Si les deux premiers singles du dernier album de Slowdive Star Roving et Sugar for the Pill ont divisé les fans, c’est très certainement parce qu’ils étaient privés de leur contexte. Le premier restait dans la pure tradition de la musique du groupe et le second pouvait faire peur quant à la direction prise sur l’ensemble. Mais c’est avant tout parce que ce quatrième album était attendu comme le messie par toute une communauté de mélomanes que personne ne savait vraiment ce qu’il fallait en espérer. Bien sûr certains reprocheront au groupe de surfer sur le long revival du shoegazing. Et si ce n’est pas totalement faux, c’est tout de même sous-estimer un élément important de l’équation : Slowdive n’est pas juste un groupe de shoegaze, et il ne s’agit pas ici d’un énième album du revival shoegaze, mais bel et bien d’un album de Slowdive.

Même 22 ans après Pygmalion, cet album reste cohérent car il n’est pas juste la continuité de Souvlaki comme on pouvait l’attendre. Slowdive fait le choix d’assumer l’ensemble de son propre héritage et va même jusqu’à piocher dans des influences qui lui étaient jusqu’alors inconnues. Comme sur le morceau d’ouverture Slomo et ses nappes imposantes qui donnent l’impression d’écouter un groupe des 80’s.
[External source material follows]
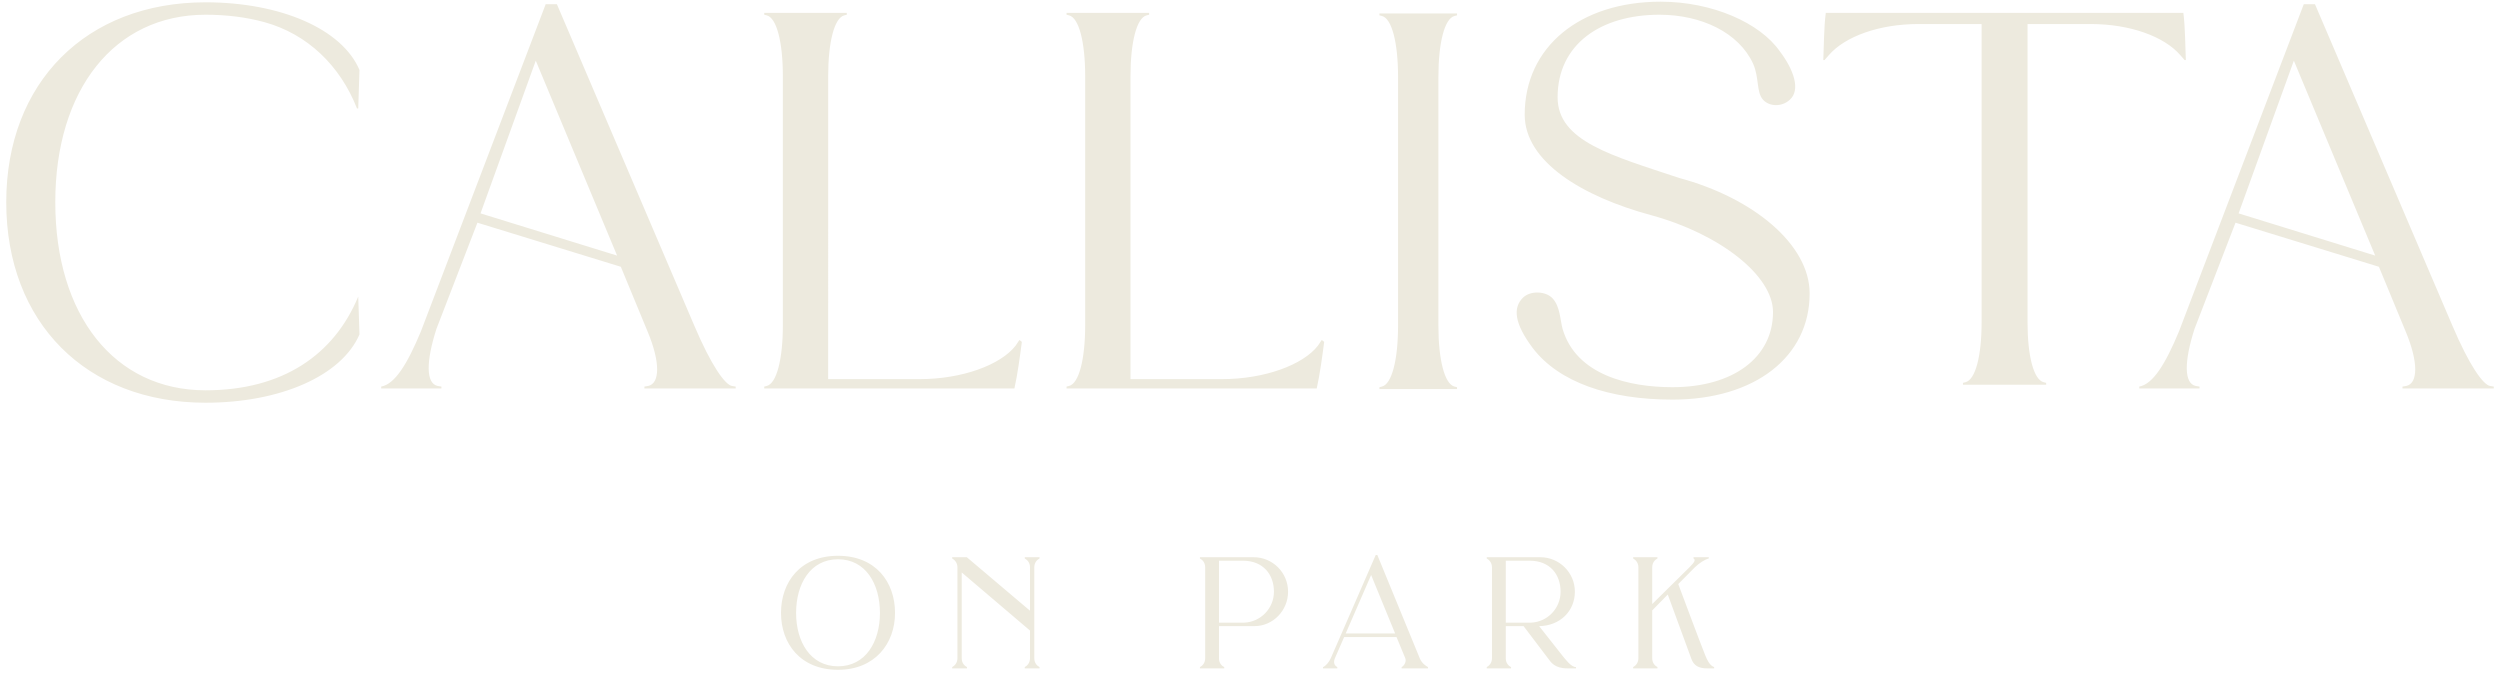<?xml version="1.0" encoding="UTF-8"?><svg xmlns="http://www.w3.org/2000/svg" viewBox="0 0 899.996 243.795"><defs><style>.cls-1{fill:#edeade;}</style></defs><g id="line_one"><path class="cls-1" d="M855.062,92.013l-49.166-15.197,19.89-54.977,29.276,70.174ZM770.139,139.839h21.678v-.67l-1.341-.223c-4.246-.894-4.246-8.716-.447-20.56l14.75-38.216,51.625,15.867,9.61,23.242c4.693,11.174,4.47,18.773.223,19.667l-1.341.223v.67h32.852v-.67l-1.341-.223c-2.458-.447-7.375-7.151-13.632-21.901L833.384,1.503h-4.023l-44.92,117.776c-4.917,11.845-9.386,18.996-14.303,19.89v.67ZM706.669,138.498h29.947v-.67l-.894-.223c-3.576-.894-5.811-9.386-5.811-21.454V8.654h22.795c14.079,0,26.371,4.47,32.182,11.174l1.564,1.788h.447c-.223-5.14-.223-11.845-.894-16.985h-128.726c-.67,5.14-.67,11.845-.894,16.985h.447l1.564-1.788c5.811-6.705,18.102-11.174,32.182-11.174h22.795v107.495c0,12.068-2.235,20.56-5.811,21.454l-.894.223v.67ZM602.077,143.861c29.723,0,49.39-15.42,49.39-38.216,0-17.655-20.337-34.416-46.931-41.568-24.136-8.045-43.803-13.186-43.803-29.053,0-18.996,15.42-29.723,36.651-29.723,15.197,0,28.606,6.481,33.746,17.655,2.235,5.14,1.117,10.28,3.576,12.962,2.235,2.458,6.705,2.682,9.61,0,4.023-3.576,1.341-10.951-3.576-17.432-7.151-10.28-24.36-17.879-42.909-17.879-29.053,0-48.943,16.314-48.943,40.674,0,16.985,20.784,29.5,45.591,36.204,24.583,6.705,43.803,21.678,43.803,34.863,0,16.314-14.303,27.041-36.204,27.041-15.42,0-34.64-4.246-39.557-21.007-.894-3.352-.894-8.045-3.576-10.951-2.458-2.682-8.045-2.905-10.727-.223-3.576,3.576-3.129,9.163,3.576,18.102,9.386,12.292,27.488,18.549,50.284,18.549M496.593,140.062h27.935v-.67l-.894-.223c-3.576-.894-5.811-9.61-5.811-21.901V27.65c0-12.292,2.235-21.007,5.811-21.901l.894-.223v-.67h-27.935v.67l.894.223c3.576.894,5.811,9.61,5.811,21.901v89.617c0,12.292-2.235,21.007-5.811,21.901l-.894.223v.67ZM383.957,139.839h90.064c1.117-4.917,2.011-11.621,2.682-16.761-.447-.447-.894-.67-.894-.67l-1.341,2.011c-5.364,6.928-19.22,12.068-34.64,12.068h-32.852V27.427c0-12.292,2.235-21.007,5.811-21.901l.894-.223v-.67h-29.723v.67l.894.223c3.576.894,5.811,9.61,5.811,21.901v89.617c0,12.292-2.235,21.007-5.811,21.901l-.894.223v.67ZM275.121,139.839h90.064c1.117-4.917,2.011-11.621,2.682-16.761-.447-.447-.894-.67-.894-.67l-1.341,2.011c-5.364,6.928-19.22,12.068-34.64,12.068h-32.852V27.427c0-12.292,2.235-21.007,5.811-21.901l.894-.223v-.67h-29.723v.67l.894.223c3.576.894,5.811,9.61,5.811,21.901v89.617c0,12.292-2.235,21.007-5.811,21.901l-.894.223v.67ZM222.153,92.013l-49.166-15.197,19.89-54.977,29.276,70.174ZM137.229,139.839h21.678v-.67l-1.341-.223c-4.246-.894-4.246-8.716-.447-20.56l14.75-38.216,51.625,15.867,9.61,23.242c4.693,11.174,4.47,18.773.223,19.667l-1.341.223v.67h32.852v-.67l-1.341-.223c-2.458-.447-7.375-7.151-13.632-21.901L200.475,1.503h-4.023l-44.92,117.776c-4.917,11.845-9.386,18.996-14.303,19.89v.67ZM73.986,144.979c26.818,0,48.943-9.61,55.424-24.583l-.447-13.632c-8.716,21.007-27.265,33.746-54.977,33.746-32.852,0-54.083-27.041-54.083-67.715C19.903,32.343,41.134,5.302,73.986,5.302c7.598,0,14.75.894,21.231,2.682,15.42,4.246,27.265,15.644,33.299,31.064h.447l.447-13.856C123.152,10.442,101.027.832,73.986.832,31.077.832,2.248,29.661,2.248,72.794c0,43.356,28.829,72.185,71.738,72.185"/></g><g id="line_two"><path class="cls-1" d="M587.933,240.614h8.747v-.457c-.858-.457-1.887-1.429-1.887-3.202v-17.208l5.603-5.717,8.518,23.211c.858,2.344,2.63,3.373,5.603,3.373h2.573v-.457c-1.658-.629-2.515-2.573-3.202-4.231-1.601-3.888-9.319-24.64-9.719-25.669l5.889-5.946c1.601-1.601,3.716-2.916,5.088-3.259v-.457h-5.488v.457c.858.457.343,1.372-1.315,3.03l-13.549,13.378v-13.206c0-1.772,1.029-2.744,1.887-3.202v-.457h-8.747v.457c.8.457,1.887,1.429,1.887,3.202v32.701c0,1.772-1.086,2.744-1.887,3.202v.457ZM542.085,224.149v-22.296h8.633c7.318,0,11.091,5.031,11.091,11.148,0,6.003-4.688,10.862-10.576,11.148h-9.147ZM562.38,235.926c-1.429-1.772-6.689-8.461-8.29-10.519,7.546-.114,12.863-5.431,12.863-12.406,0-6.86-5.603-12.406-12.463-12.406h-19.266v.457c.8.457,1.887,1.429,1.887,3.202v32.701c0,1.772-1.086,2.744-1.887,3.202v.457h8.747v-.457c-.8-.4-1.887-1.372-1.887-3.087v-11.663h6.403l8.976,11.834c.858,1.143,2.23,3.373,6.746,3.373h3.144v-.457c-1.772,0-3.83-2.859-4.974-4.231M484.457,228.037l9.147-21.039,8.633,21.039h-17.78ZM476.282,240.614h5.145v-.457c-.858-.457-1.601-1.429-.858-3.202l3.316-7.604h18.866l3.144,7.604c.515,1.258-.457,2.744-1.315,3.202v.457h9.49v-.457c-.8-.457-2.23-1.372-2.973-3.202l-15.264-37.161h-.572l-16.179,37.161c-.629,1.429-1.829,2.801-2.801,3.202v.457ZM447.983,224.149h-9.147v-22.296h8.633c7.318,0,11.148,5.031,11.148,11.148,0,6.003-4.745,10.862-10.634,11.148M451.299,200.595h-19.324v.457c.858.457,1.887,1.429,1.887,3.202v32.701c0,1.772-1.029,2.744-1.887,3.202v.457h8.747v-.457c-.8-.4-1.887-1.372-1.887-3.087v-11.663h12.749c6.689,0,12.12-5.603,12.12-12.406,0-6.86-5.546-12.406-12.406-12.406M374.233,201.052v-.457h-5.317v.457c.8.457,1.887,1.372,1.887,3.202v15.607l-22.754-19.266h-5.26v.457c.8.457,1.887,1.429,1.887,3.202v32.701c0,1.772-1.086,2.744-1.887,3.202v.457h5.317v-.457c-.8-.457-1.887-1.315-1.887-3.202v-30.872l24.583,20.924v9.948c0,1.772-1.086,2.744-1.887,3.202v.457h5.317v-.457c-.858-.457-1.887-1.429-1.887-3.202v-32.701c0-1.772,1.029-2.744,1.887-3.202M301.685,239.871c-9.948,0-15.093-8.861-15.093-19.209,0-10.462,5.145-19.324,15.093-19.324,9.948,0,15.093,8.861,15.093,19.324,0,10.348-5.145,19.209-15.093,19.209M301.685,200.08c-13.549,0-20.524,9.433-20.524,20.581,0,11.034,6.975,20.467,20.524,20.467,13.263,0,20.524-9.433,20.524-20.467,0-11.148-6.975-20.581-20.524-20.581"/></g></svg>

Une impression que l’on retrouve également sur Go Get It.

Slowdive a conscience de son influence mais le combo est également capable d’admettre que le shoegaze a grandi sans vraiment les attendre. Surtout, le groupe a eu le bon goût et la maturité de sortir un album de dream pop à légère tendance synth, qui semble prendre en compte avec beaucoup de distance ce qui a été fait entre temps. D’ailleurs, peu avant sa reformation pour la scène, ses membres ont confié lors d’une interview avoir regardé des vidéos de fans sur youtube pour réapprendre à obtenir leur son si caractéristique. Un morceau comme Don’t Know Why, par exemple, évoque très clairement les russes de Pinkshinyultrablast, à tel point qu’il devient difficile de savoir qui influence qui. C’est aussi ce qui fait toute la beauté de cet album : Slowdive n’a pas cherché à révolutionner le genre dont il est l’un des piliers fondateurs, mais bien à sortir l’album le plus direct et le plus sincère qui soit. Lorsque l’on connaît le parcours chaotique du groupe, on ne peut qu’être touché par la simplicité dont ils font preuve. On sent le bonheur de s’être retrouvés et cette joie empreinte de nostalgie devient particulièrement communicative sur des morceaux comme Everyone Knows.

En terme de production, l’album se veut beaucoup moins flou et éthéré que les précédents : la saturation est quasi-absente et la réverbération se fait beaucoup plus propre. Le chant de Rachel Goswell, figure ô combien emblématique du groupe – et pourtant relativement rare sur l’ensemble de sa discographie – a gagné en importance, autant par sa présence tout au long de l’album que par la qualité de ses lignes de chant. Le traitement de la voix est d’ailleurs plus à rapprocher de celui du side-project du leader Neil Halstead, Black Hearted Brother, que des précédents albums de Slowdive.

Quoique l’on puisse attendre de cet album, il faut bien avouer que la magie opère. De manière grandiose parfois : sur le refrain de Go Get It ou dans le riff final de Star Roving, qui en devient frustrant tant il est court. C’est d’ailleurs là que le bât blesse, mais autant qu’il satisfait : cette alternance entre moments de grâce et de frustration qui – c’est selon – rendra l’album lassant ou au contraire terriblement addictif. Seul le morceau de clôture déçoit tant il nous fait miroiter un décollage imminent, pour finir par ne nous faire ressentir que l’insatisfaction d’être resté cloué au sol. Il n’y a plus qu’à tout réécouter.

Ces huit titres relativement longs forment au final un album plutôt court. Après autant d’attente, on en aurait voulu plus. Mais on ne va pas se plaindre. Avec ce nouvel album, Slowdive a su communiquer le bonheur qu’ils ont à être de nouveau réunis et il en résulte des moments de grâce qu’ils restent, aujourd’hui encore, les seuls à pouvoir écrire.